Even though weights are popular in building strength, resistance bands offer variety ways to strength train. Besides, lifting weights limits you to a fixed position while bands allow you to move in different ranges of motion.

Moreover, the band is adaptative to all levels. You can tighten or loosen the band to fit your desired challenge level.

PROTECTS INJURED OR SORE JOINTS

All resistance band movements, like this one, help you train muscles even while rehabbing injuries or dealing with complications like join pain.

The standard back row is often avoided by some people who find it problematic to bend over or lift heavy weights because of their hips or back.

Fortunately, the seated row with band puts less strain on the spine thus, making training effective.

SEATED ROW WITH BAND ALTERNATIVES

SEATED CABLE ROW

The seated cable row and the seated row with band are almost identical. The former is a great compound exercise that develops the back muscles and the forearms.

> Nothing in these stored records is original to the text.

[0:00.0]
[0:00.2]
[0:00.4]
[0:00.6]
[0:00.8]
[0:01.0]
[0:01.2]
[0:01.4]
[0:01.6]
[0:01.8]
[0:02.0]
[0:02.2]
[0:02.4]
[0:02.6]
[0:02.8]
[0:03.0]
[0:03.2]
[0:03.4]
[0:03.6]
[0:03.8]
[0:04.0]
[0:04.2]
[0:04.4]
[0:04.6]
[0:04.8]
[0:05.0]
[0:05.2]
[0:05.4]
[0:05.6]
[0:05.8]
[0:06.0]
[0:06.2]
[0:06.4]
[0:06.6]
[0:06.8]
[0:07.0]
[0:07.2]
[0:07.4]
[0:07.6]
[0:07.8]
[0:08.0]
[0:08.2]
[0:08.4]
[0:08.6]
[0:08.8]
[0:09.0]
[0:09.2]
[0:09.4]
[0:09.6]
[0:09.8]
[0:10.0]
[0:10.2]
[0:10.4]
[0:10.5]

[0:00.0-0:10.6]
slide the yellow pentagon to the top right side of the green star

CHEST-SUPPORTED ROW MACHINE

A chest-supported row machine is an isolation exercise that involves supporting your chest against a machine. Thus, the tension is taken away from the muscles responsible for the bending and straightening of your back.

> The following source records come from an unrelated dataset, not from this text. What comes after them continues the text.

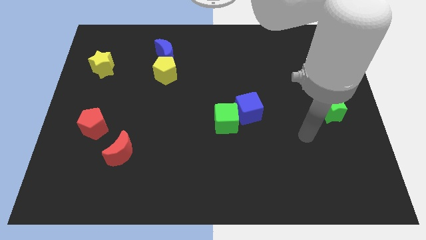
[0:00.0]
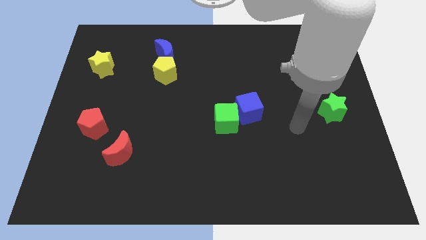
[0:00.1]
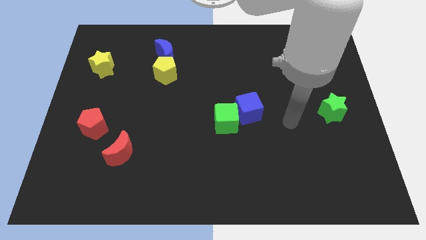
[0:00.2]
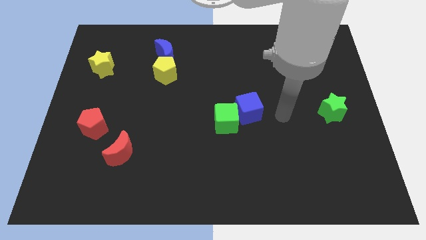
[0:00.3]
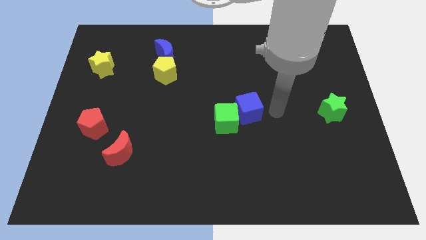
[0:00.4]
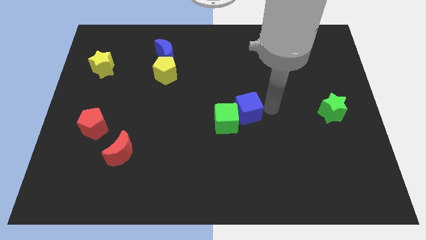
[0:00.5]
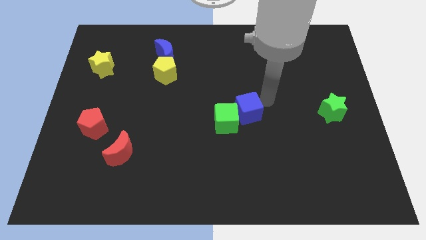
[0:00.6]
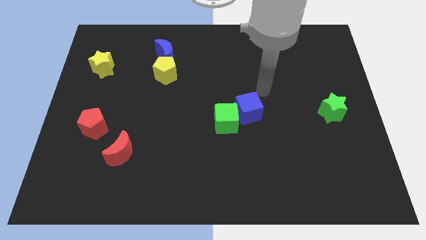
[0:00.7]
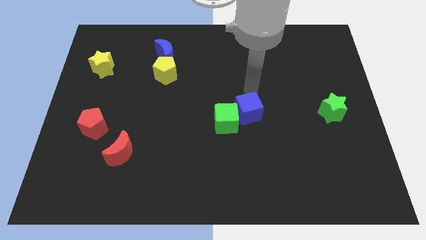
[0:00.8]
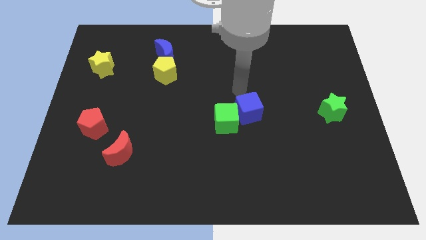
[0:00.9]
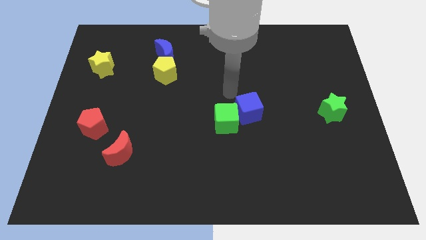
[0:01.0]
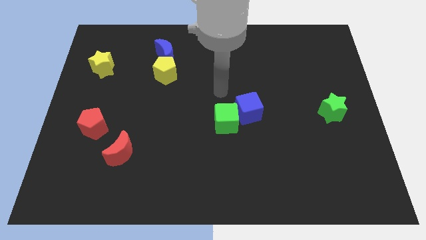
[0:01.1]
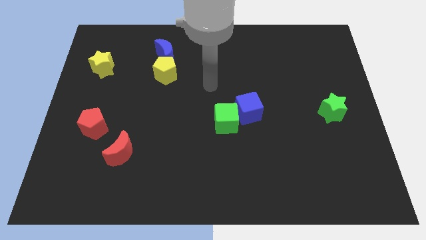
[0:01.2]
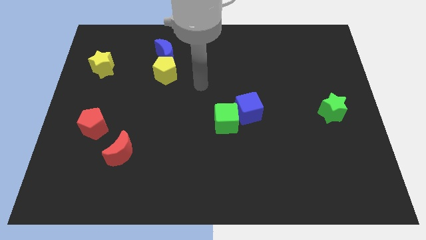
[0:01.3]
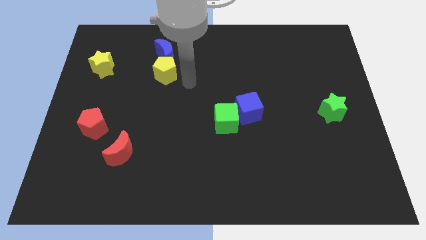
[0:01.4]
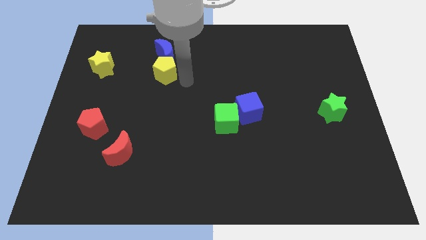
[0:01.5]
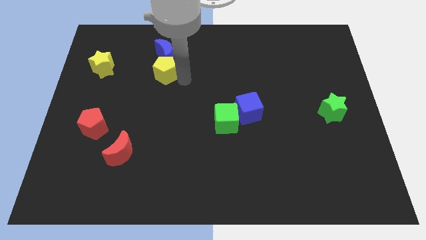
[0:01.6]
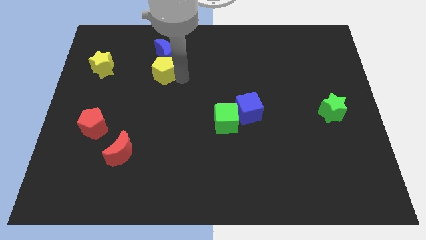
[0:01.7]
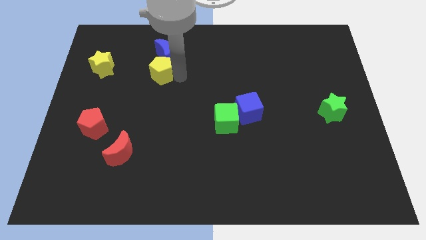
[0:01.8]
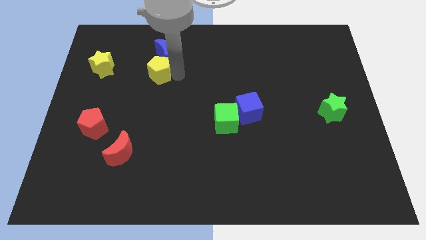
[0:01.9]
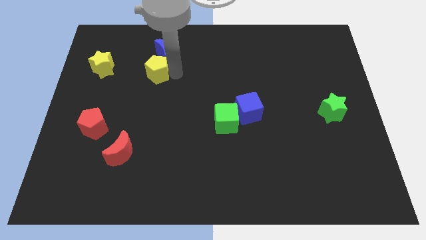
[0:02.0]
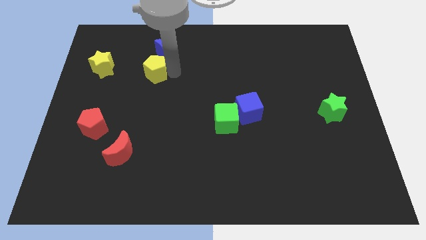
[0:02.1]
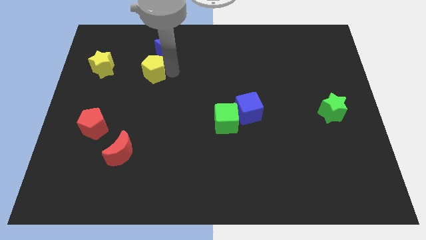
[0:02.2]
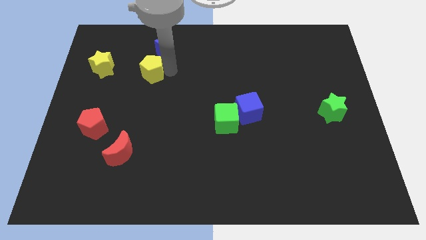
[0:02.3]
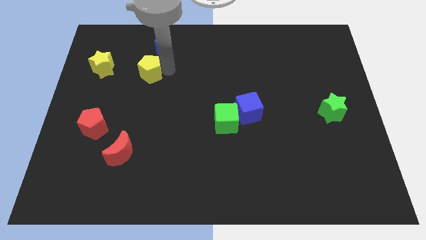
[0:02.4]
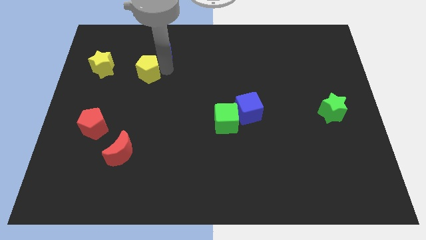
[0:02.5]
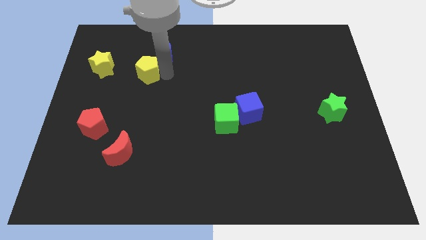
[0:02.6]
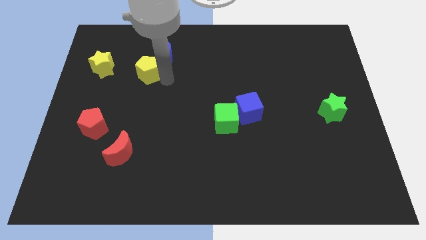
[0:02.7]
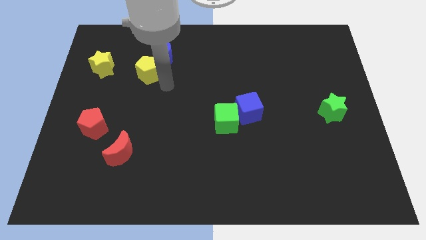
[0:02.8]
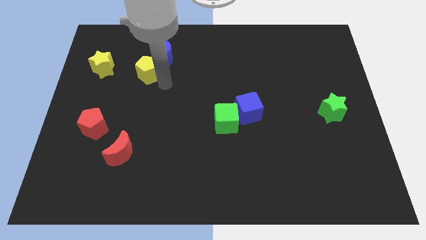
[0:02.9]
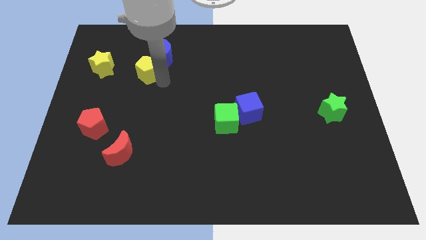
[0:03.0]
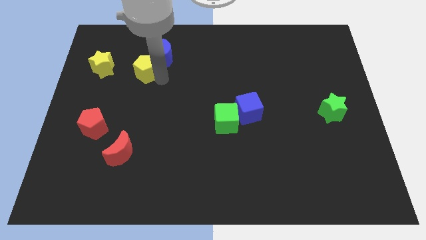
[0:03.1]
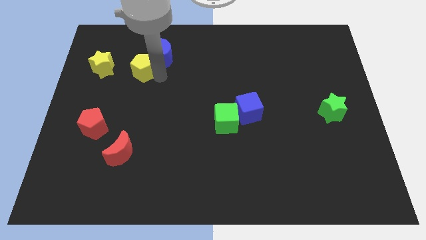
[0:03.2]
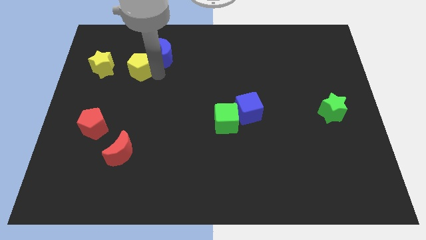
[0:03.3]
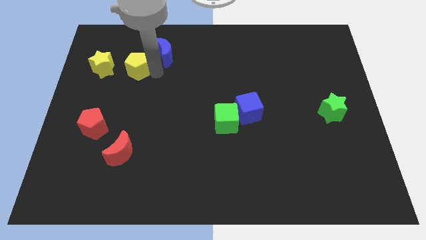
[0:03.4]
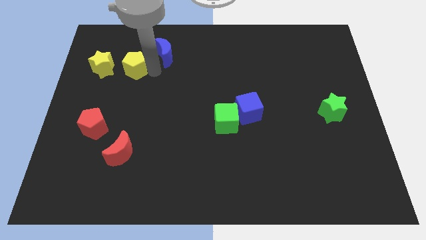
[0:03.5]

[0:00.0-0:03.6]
push the yellow pentagon just left of the blue moon

Consequently, the biceps, traps, and lats are isolated and worked on effectively.

SEATED ROW WITH BAND MISTAKES TO AVOID

OUTWARD ELBOWS

Do not lift your elbows up and out as this will majorly work your biceps instead of the lats and rhomboids. As you pull, your elbows should be kept against your body.

SHRUGGED SHOULDERS

Do not shrug your shoulders as this will place too much focus on the traps. Keep your shoulders back and down as you pull the weight.

ROUNDED BACK

Do not round your back at any point during the exercise. Ensure you maintain a neutral back by engaging your abs and focusing on keeping your spine straight.

SWINGING TORSO

Do not move your torso during the exercise because the targeted muscles won’t feel any tension. Instead, brace your core to help you stabilize the torso.

RAPID MOVEMENTS

Do not rush the exercise. Jerky and quick movements will not fully activate your muscles. Ensure that you perform each repetition slowly.

PARTIAL RANGE OF MOTION

Do not extend your arms partially as this will not properly work your targeted muscles. Even though, it will help you lift more weight, you will not get maximum benefits.

Ensure that you allow each rep to go through the full range of motion.

CONCLUSION

The seated row with band is a great upper back strengthening workout that does not require picking up any weights. However, like any other exercise, it requires that you use the correct form and movement to be effective and prevent injury.

So, if you want a strong and sculpted back, pick up your resistance band now!